The Economics of a Screen

Phenotypic hit rates of 1–2 percent are common. Screens are noisy, assay windows vary, and follow-up capacity is limited. Many programs reserve a fixed secondary assay budget, and hit discovery becomes the funnel that fills it.

To reduce downstream cost, teams often insert a short “confirmation layer” between primary and secondary assays — for example, running a small set of compounds in triplicate to remove artefacts before committing to more intensive work. This simple step can dramatically reduce false positives and prevent waste in validation campaigns.

From Discovery to Direction

During assay optimization, AI is primarily diagnostic: quantifying separability, drift, illumination stability, and consistency across replicates. At hit discovery, AI becomes predictive: ranking hits, surfacing subtle responders, and identifying which perturbations are strong candidates for validation.

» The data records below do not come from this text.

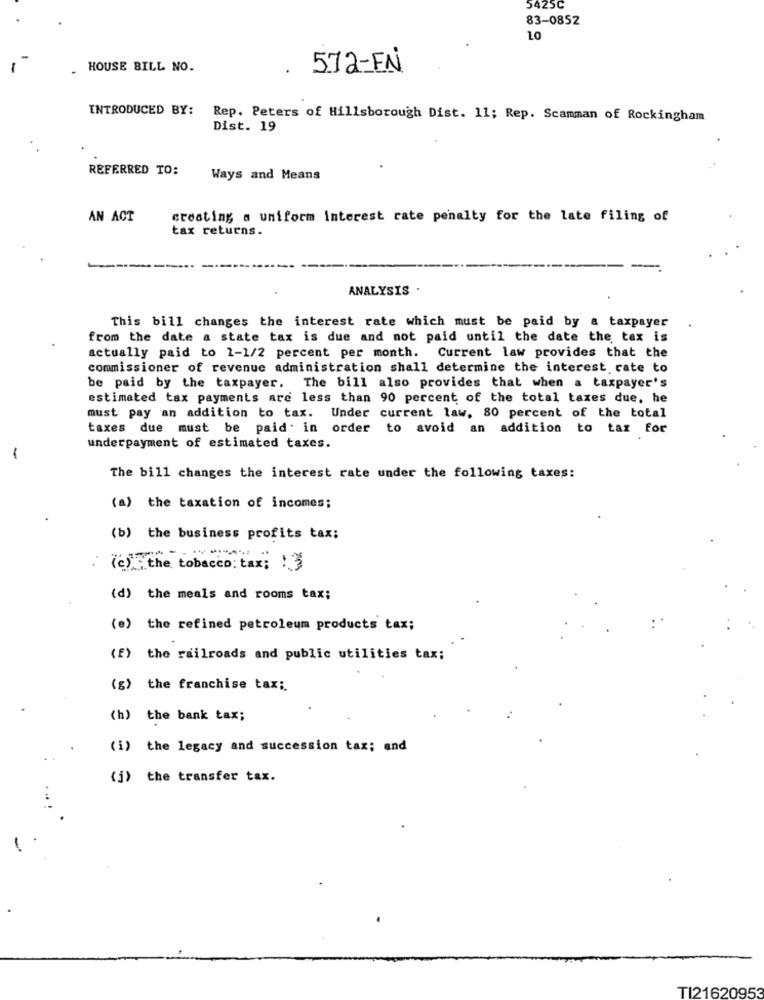
5425C
83-0852
10
HOUSE BILL NO.
. 572-FN
INTRODUCED BY:
Rep. Peters of Hillsborough Dist. 11; Rep. Scamman of Rockingham
Dist. 19
REFERRED TO:
Ways and Means
AN ACT
creating a uniform interest rate penalty for the late filing of
tax returns.
ANALYSIS .
This bill changes the interest rate which must be paid by a taxpayer
from the date a state tax is due and not paid until the date the tax is
actually paid to 1-1/2 percent per month. Current law provides that the
commissioner of revenue administration shall determine the interest rate to
be paid by the taxpayer. The bill also provides that when a taxpayer's
estimated tax payments are less than 90 percent of the total taxes due, he
must pay an addition to tax. Under current law, 80 percent of the total
taxes due must be paid. in order to avoid an addition to tax for
underpayment of estimated taxes.
-
The bill changes the interest rate under the following taxes:
(a) the taxation of incomes;
(b) the business profits tax;
)the tobacco: tax; !
(d) the meals and rooms tax;
(e) the refined petroleum products tax;
(f) the railroads and public utilities tax;
(g) the franchise tax;
(h) the bank tax;
(i) the legacy and succession tax; and
(j) the transfer tax.
TI21620953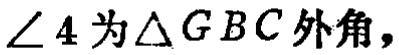
$\angle 4\text{为}\triangle GBC\text{外角，}$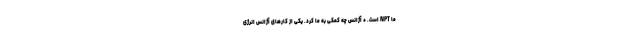
ما NPT است. * آژانس چه کمکی به ما کرد. یکی از کارهای آژانس انرژی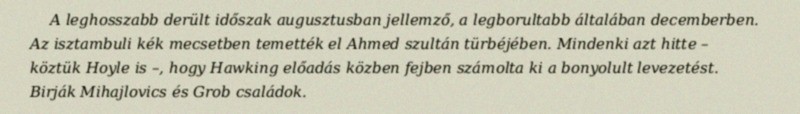
A leghosszabb derült időszak augusztusban jellemző, a legborultabb általában decemberben. Az isztambuli kék mecsetben temették el Ahmed szultán türbéjében. Mindenki azt hitte – köztük Hoyle is –, hogy Hawking előadás közben fejben számolta ki a bonyolult levezetést. Birják Mihajlovics és Grob családok.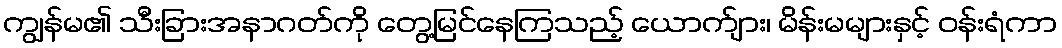
ကျွန်မ၏ သီးခြားအနာဂတ်ကို တွေ့မြင်နေကြသည့် ယောက်ျား၊ မိန်းမများနှင့် ဝန်းရံကာ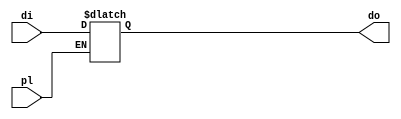
`timescale 1ns / 1ps
//////////////////////////////////////////////////////////////////////////////////
// Company: 
// Engineer: 
// 
// Design Name: 
// Module Name: reg
// Project Name: 
// Target Devices: 
// Tool Versions: 
// Description: 
// 
// Dependencies: 
// 
// Revision:
// Revision 0.01 - File Created
// Additional Comments:
// 
//////////////////////////////////////////////////////////////////////////////////


module regn(pl,di,do);
parameter n=12;
input pl;
input [n-1:0]di;
output reg [n-1:0]do;
always@(pl or di)
begin
    if(pl)
        do<=di;
end
endmodule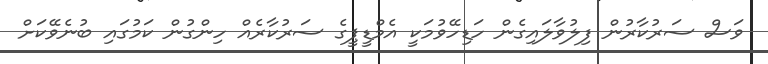
ވަސް ސަރުކާރުން ފިލުވާލައިގެން ހަޑިހޭވުމަކީ އެމްޑީޕީގެ ސަރުކާރެއް ހިންގުން ކަމުގައި ބުނެވޭކަށް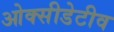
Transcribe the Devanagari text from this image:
ओक्सीडेटीव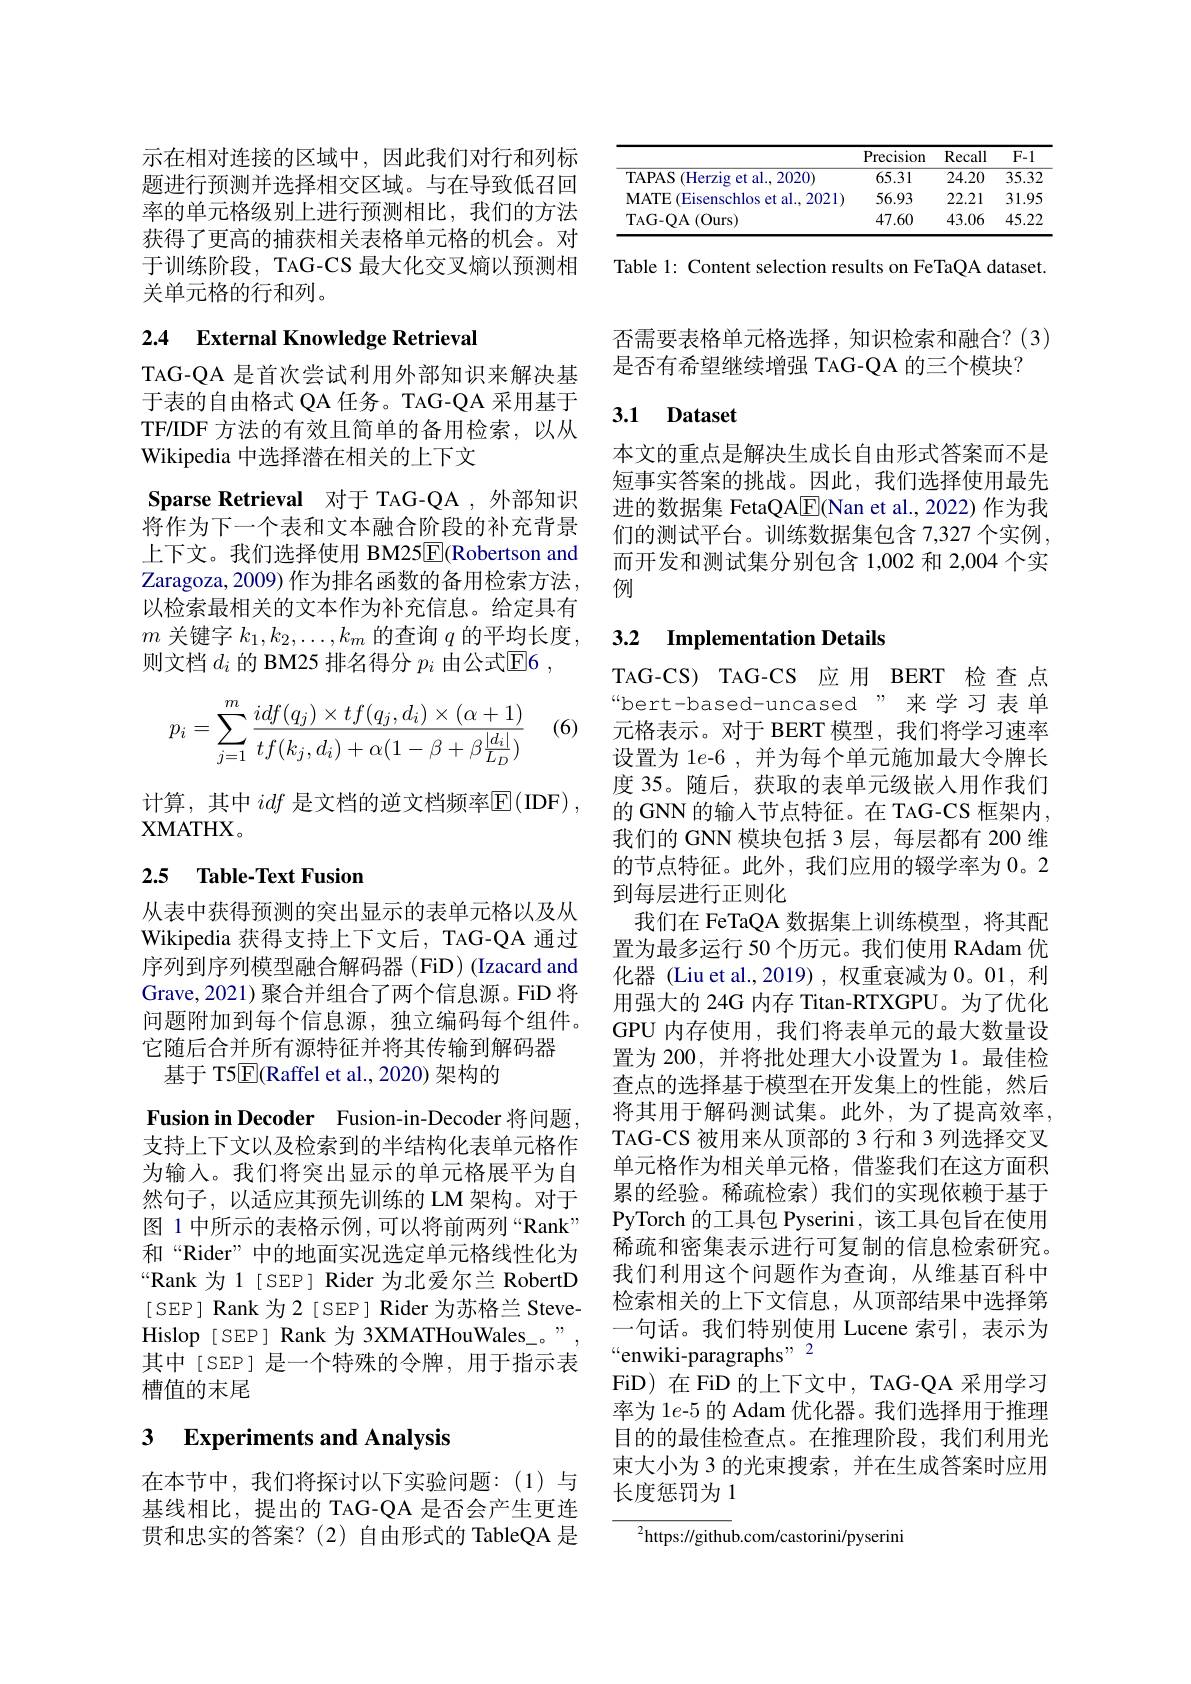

This transition works only when experiment and computation operate at a shared pace. By hit discovery, the biology is stable, the assay is tuned, the representation is known, and the pipeline is repeatable — the necessary alignment for AI-driven prioritization to have practical value. When both disciplines finally move together, hit discovery becomes not a bottleneck but a multiplier, turning raw screens into signals that the entire discovery engine can build upon.